TRY IT:
The answer is one number: how many lines in the data below hold "none".

Dataset records:
##########
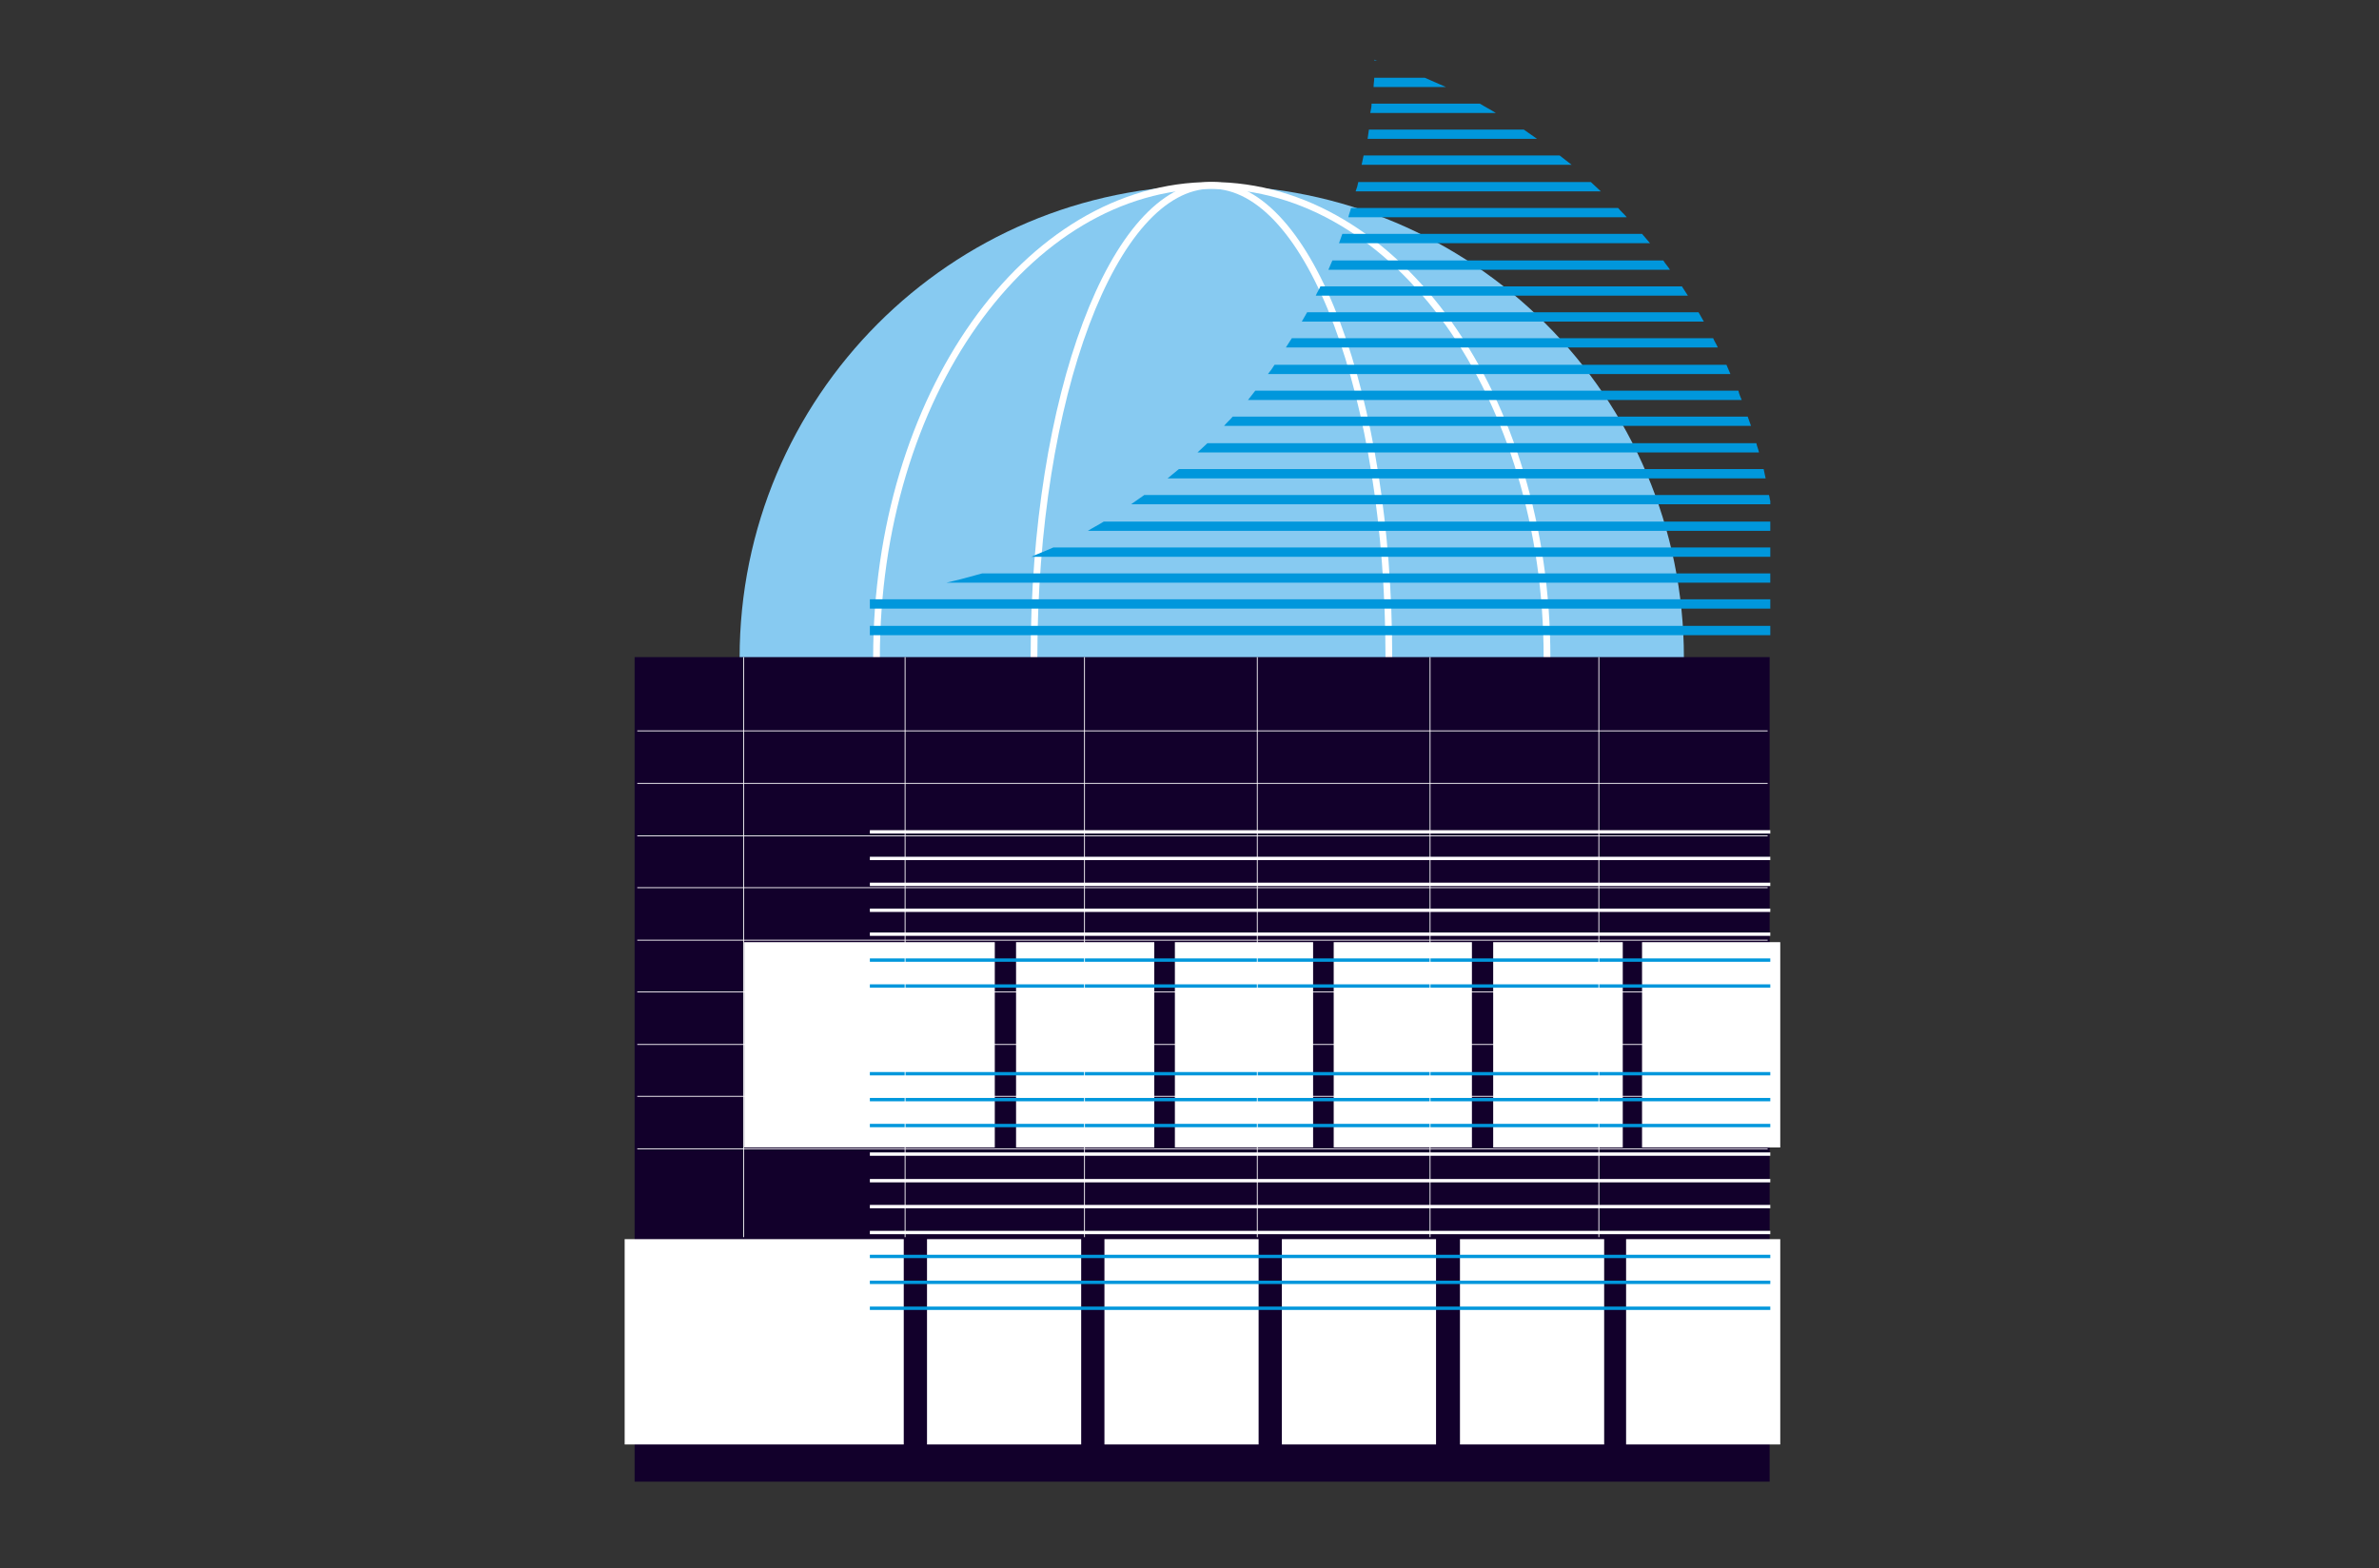 <?xml version="1.0" encoding="utf-8"?>
<!-- Generator: Adobe Illustrator 24.1.1, SVG Export Plug-In . SVG Version: 6.00 Build 0)  -->
<svg version="1.1" id="Ebene_1" xmlns="http://www.w3.org/2000/svg" xmlns:xlink="http://www.w3.org/1999/xlink" x="0px" y="0px"
	 viewBox="0 0 358 236" style="enable-background:new 0 0 358 236;" xml:space="preserve">
<rect x="0" y="0" width="358" height="236" fill="#333333" stroke="none"/>
<style type="text/css">
	.st0{clip-path:url(#SVGID_2_);fill:#87CAF1;}
	.st1{clip-path:url(#SVGID_2_);fill:none;stroke:#FFFFFF;stroke-width:1.011;}
	.st2{fill:#12002B;}
	.st3{fill:#FFFFFF;}
	.st4{fill:none;stroke:#0097DC;stroke-width:0.505;}
	.st5{fill:none;stroke:#FFFFFF;stroke-width:0.505;}
	.st6{clip-path:url(#SVGID_4_);fill:#0097DC;}
	.st7{fill:none;stroke:#FFFFFF;stroke-width:0.126;}
</style>
<g>
	<defs>
		<rect id="SVGID_1_" x="94" y="9" width="173.9" height="214"/>
	</defs>
	<clipPath id="SVGID_2_">
		<use xlink:href="#SVGID_1_"  style="overflow:visible;"/>
	</clipPath>
	<path class="st0" d="M182.3,170.1c39.3,0,71.1-31.8,71.1-71.1c0-39.3-31.8-71.1-71.1-71.1S111.3,59.8,111.3,99
		C111.3,138.3,143.1,170.1,182.3,170.1"/>
	<path class="st1" d="M182.3,170.1c27.9,0,50.5-31.8,50.5-71.1c0-39.3-22.6-71.1-50.5-71.1S131.9,59.8,131.9,99
		C131.9,138.3,154.5,170.1,182.3,170.1z"/>
	<path class="st1" d="M182.3,170.1c14.7,0,26.7-31.8,26.7-71.1c0-39.3-11.9-71.1-26.7-71.1c-14.7,0-26.7,31.8-26.7,71.1
		C155.7,138.3,167.6,170.1,182.3,170.1z"/>
</g>
<rect x="95.5" y="98.9" class="st2" width="170.8" height="124.1"/>
<rect x="94" y="186.5" class="st3" width="42" height="30.9"/>
<rect x="139.5" y="186.5" class="st3" width="23.2" height="30.9"/>
<rect x="166.2" y="186.5" class="st3" width="23.2" height="30.9"/>
<rect x="192.9" y="186.5" class="st3" width="23.2" height="30.9"/>
<rect x="219.7" y="186.5" class="st3" width="21.7" height="30.9"/>
<rect x="244.7" y="186.5" class="st3" width="23.2" height="30.9"/>
<rect x="112" y="141.8" class="st3" width="37.7" height="30.9"/>
<rect x="152.9" y="141.8" class="st3" width="20.8" height="30.9"/>
<rect x="176.8" y="141.8" class="st3" width="20.8" height="30.9"/>
<rect x="200.7" y="141.8" class="st3" width="20.8" height="30.9"/>
<rect x="224.7" y="141.8" class="st3" width="19.5" height="30.9"/>
<rect x="247.1" y="141.8" class="st3" width="20.8" height="30.9"/>
<line class="st4" x1="266.4" y1="196.9" x2="130.9" y2="196.9"/>
<line class="st4" x1="266.4" y1="193" x2="130.9" y2="193"/>
<line class="st4" x1="266.4" y1="189.1" x2="130.9" y2="189.1"/>
<line class="st5" x1="266.4" y1="185.5" x2="130.9" y2="185.5"/>
<line class="st5" x1="266.4" y1="181.6" x2="130.9" y2="181.6"/>
<line class="st5" x1="266.4" y1="177.7" x2="130.9" y2="177.7"/>
<line class="st5" x1="266.4" y1="173.7" x2="130.9" y2="173.7"/>
<line class="st4" x1="266.4" y1="169.4" x2="130.9" y2="169.4"/>
<line class="st4" x1="266.4" y1="165.5" x2="130.9" y2="165.5"/>
<line class="st4" x1="266.4" y1="161.6" x2="130.9" y2="161.6"/>
<line class="st4" x1="266.4" y1="148.4" x2="130.9" y2="148.4"/>
<line class="st4" x1="266.4" y1="144.5" x2="130.9" y2="144.5"/>
<line class="st5" x1="266.4" y1="140.6" x2="130.9" y2="140.6"/>
<line class="st5" x1="266.4" y1="137" x2="130.9" y2="137"/>
<line class="st5" x1="266.4" y1="133.1" x2="130.9" y2="133.1"/>
<line class="st5" x1="266.4" y1="129.2" x2="130.9" y2="129.2"/>
<line class="st5" x1="266.4" y1="125.2" x2="130.9" y2="125.2"/>
<g>
	<defs>
		<rect id="SVGID_3_" x="94" y="9" width="173.9" height="214"/>
	</defs>
	<clipPath id="SVGID_4_">
		<use xlink:href="#SVGID_3_"  style="overflow:visible;"/>
	</clipPath>
	<path class="st6" d="M207.3,9.1c-0.2,0-0.3-0.1-0.5-0.1c0,0,0,0.1,0,0.1H207.3z M217.6,13.1c-1.1-0.5-2.1-0.9-3.2-1.4h-7.6
		c0,0.5-0.1,0.9-0.1,1.4H217.6z M225.1,17c-0.8-0.5-1.6-0.9-2.4-1.4h-16.3c0,0.5-0.1,0.9-0.2,1.4H225.1z M231.3,20.9
		c-0.7-0.5-1.3-0.9-2-1.4h-23.3c-0.1,0.5-0.1,0.9-0.2,1.4H231.3z M236.5,24.8c-0.6-0.5-1.2-0.9-1.8-1.4h-29.5
		c-0.1,0.5-0.2,0.9-0.3,1.4H236.5z M240.9,28.8c-0.5-0.5-1-0.9-1.5-1.4h-35c-0.1,0.5-0.2,0.9-0.4,1.4H240.9z M244.8,32.7
		c-0.4-0.5-0.9-0.9-1.3-1.4h-40.2c-0.1,0.5-0.3,0.9-0.4,1.4H244.8z M248.3,36.6c-0.4-0.5-0.8-0.9-1.2-1.4H202
		c-0.2,0.5-0.3,0.9-0.5,1.4H248.3z M251.3,40.6c-0.3-0.5-0.7-0.9-1-1.4h-49.8c-0.2,0.5-0.4,0.9-0.6,1.4H251.3z M254,44.5
		c-0.3-0.5-0.6-0.9-0.9-1.4h-54.4c-0.2,0.5-0.5,0.9-0.7,1.4H254z M256.4,48.4c-0.3-0.5-0.5-0.9-0.8-1.4h-58.9
		c-0.3,0.5-0.5,0.9-0.8,1.4H256.4z M258.5,52.3c-0.2-0.5-0.5-0.9-0.7-1.4h-63.4c-0.3,0.5-0.6,0.9-0.9,1.4H258.5z M260.4,56.3
		c-0.2-0.5-0.4-0.9-0.6-1.4h-68c-0.3,0.5-0.6,0.9-1,1.4H260.4z M262.1,60.2c-0.2-0.5-0.4-0.9-0.5-1.4h-72.7
		c-0.4,0.5-0.7,0.9-1.1,1.4H262.1z M263.5,64.1c-0.2-0.5-0.3-0.9-0.5-1.4h-77.5c-0.4,0.5-0.9,0.9-1.3,1.4H263.5z M264.7,68.1
		c-0.1-0.5-0.3-0.9-0.4-1.4h-82.6c-0.5,0.5-1,0.9-1.5,1.4H264.7z M266.4,94.2H130.9v1.4h135.5V94.2z M266.4,90.2H130.9v1.4h135.5
		V90.2z M266.4,82.4H158.5c-1.1,0.5-2.2,0.9-3.3,1.4h111.2V82.4z M166.1,78.5c-0.8,0.5-1.6,0.9-2.4,1.4h102.7v-1.4H166.1z
		 M266.4,86.3H147.8c-1.8,0.5-3.6,1-5.4,1.4h124V86.3z M265.7,72c-0.1-0.5-0.2-0.9-0.3-1.4h-88c-0.6,0.5-1.1,0.9-1.7,1.4H265.7z
		 M266.4,75.4c-0.1-0.3-0.1-0.6-0.2-0.9h-94c-0.7,0.5-1.3,0.9-2,1.4h96.2V75.4z"/>
</g>
<line class="st7" x1="111.9" y1="98.9" x2="111.9" y2="186.2"/>
<line class="st7" x1="136.2" y1="98.9" x2="136.2" y2="186.2"/>
<line class="st7" x1="163.2" y1="98.9" x2="163.2" y2="186.2"/>
<line class="st7" x1="189.2" y1="98.9" x2="189.2" y2="186.2"/>
<line class="st7" x1="215.2" y1="98.9" x2="215.2" y2="186.2"/>
<line class="st7" x1="240.6" y1="98.9" x2="240.6" y2="186.2"/>
<line class="st7" x1="266" y1="110" x2="95.9" y2="110"/>
<line class="st7" x1="266" y1="117.9" x2="95.9" y2="117.9"/>
<line class="st7" x1="266" y1="125.8" x2="95.9" y2="125.8"/>
<line class="st7" x1="266" y1="133.6" x2="95.9" y2="133.6"/>
<line class="st7" x1="266" y1="141.5" x2="95.9" y2="141.5"/>
<line class="st7" x1="266" y1="149.3" x2="95.9" y2="149.3"/>
<line class="st7" x1="266" y1="157.2" x2="95.9" y2="157.2"/>
<line class="st7" x1="266" y1="165" x2="95.9" y2="165"/>
<line class="st7" x1="266" y1="172.9" x2="95.9" y2="172.9"/>
</svg>
##########
ANSWER TO THE EXERCISE:
5